1. Ekologi Dalam (Deep Ecology) telah jelas memandang bahwa kesadaran ekologis harus didasari oleh nilai-nilai spiritual/religius manusia tidak akan pernah terlepas dari penciptanya. Lalu, mengapa kita juga harus mempelajari dan menginternalisasi Islamic Deep

2. Uraikan bagaimana Rasulullah SAW dan para sahabat dalam mengimplementasikan ajaran agama yang berkaitan dengan lingkungan! Masih layakkah langkah yang dicontohkan oleh Rasulullah SAW dan para sahabat itu kita amalkan dalam kehidupan saat ini?

3. “Ekologi Dalam hampir tidak memiliki potensi transformasi sosial karena hanya tertarik pada perubahan visi dan nilai individu”. Bagaimana mana Anda memaknai pernyataan ini? Jelaskan!

Rangkuman

• Islam adalah petunjuk jalan hidup yang lengkap, memiliki prinsip etika yang efisien, holistik, dan komprehensif untuk memitigasi krisis lingkungan saat ini. Islam memandang lingkungan sebagai bagian tak terpisahkan dari keimanan manusia terhadap Allah SWT.

• Asas-asas Islamic Deep Ecology, yaitu (1) Asas Integrasi: Ekologi Islam menawarkan dan mengakomodasi dimensi-dimensi lingkungan secara terpadu tanpa harus saling meniadakan seperti yang terjadi pada madzhab-madzhab ekologi lainnya. (2) Asas Proporsionalitas: berarti “segala sesuatu diletakkan pada tempat yang sesuai dengan tingkat eksistensinya”, berarti Ekologi Islam menerima dan mengakui keberadaan suatu prinsip yang penting selama tidak meniadakan prinsip yang lain yang juga penting. (3) Asas realisme: IPTEK yang ditemukan masyarakat Islam berkembang sangat pesat tetapi dilandasi oleh visi dan pemikiran spiritual yang sangat tinggi, termasuk dalam hubungannya dengan lingkungan.

• Terdapat 750 ayat atau sekitar seperdelapan dari semua ayat al-Quran yang mendorong kaum beriman untuk menelaah, merenungkan, dan menyelidiki alam. Islam menegaskan bahwa pemeliharaan lingkungan merupakan sebuah tugas penting umat Islam.

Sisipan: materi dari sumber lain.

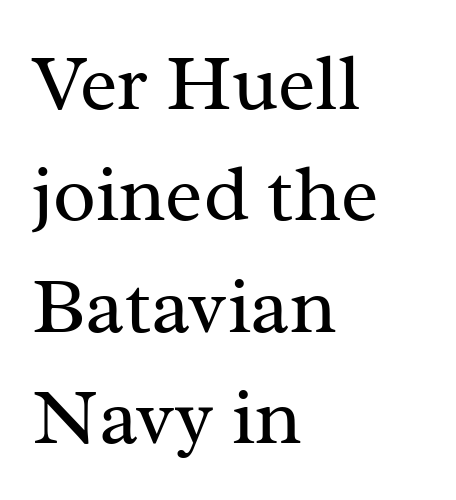
{"serif": "yes", "italic": "no", "bold": "no", "weight": "regular", "width": "normal", "stroke_contrast": "medium", "x_height": "medium", "monospaced": "no", "underline": "no", "align": "left", "line_spacing": "normal", "line_spacing_ratio": 1.41, "letter_spacing": "normal", "letter_spacing_em": 0.0, "glyph_px": 79}

• Terdapat tujuh asas terkait dengan akhlak perlindungan dan pengelolaan lingkungan dalam Islam, yaitu (1) Asas 1, semesta

adalah holistik dan memiliki keterkaitan langsung ataupun tidak. (1) Asas 2, biodiversitas adalah anugerah Allah yang nilainya sungguh tak bisa dihitung dengan nalar manusia, sehingga perlu dilestarikan. (3) Asas 3, bumi memiliki sebuah siklus sumberdaya (ekosistem) yang saling berhubungan satu sama lain. (4) Asas 4, segala sesuatu di alam memiliki batasasan terkait kemampuannya mendukung komponen lainnya, baik dalam hal jumlah maupun kualitas. (5) Asas 5, setiap komponen (misalnya individu/jenis) mempunyai kekurangan maupun kelebihan. (6) Asas 6, ekosistem memiliki “daya dukung atau kapasitas dukung”. Manusia sebagai komponen integral paling berpotensi merusak atau melanggar kesetimbangan ekosistem itu. (7) Asas 7, sejatinya ekosistem bumi telah disempurnakan (tersusun semakin kompleks) dalam kurun waktu cukup lama. Apabila kesempurnaan itu dihancurkan maka akan memunculkan goncangan (biasanya bermanifestasi menjadi bencana).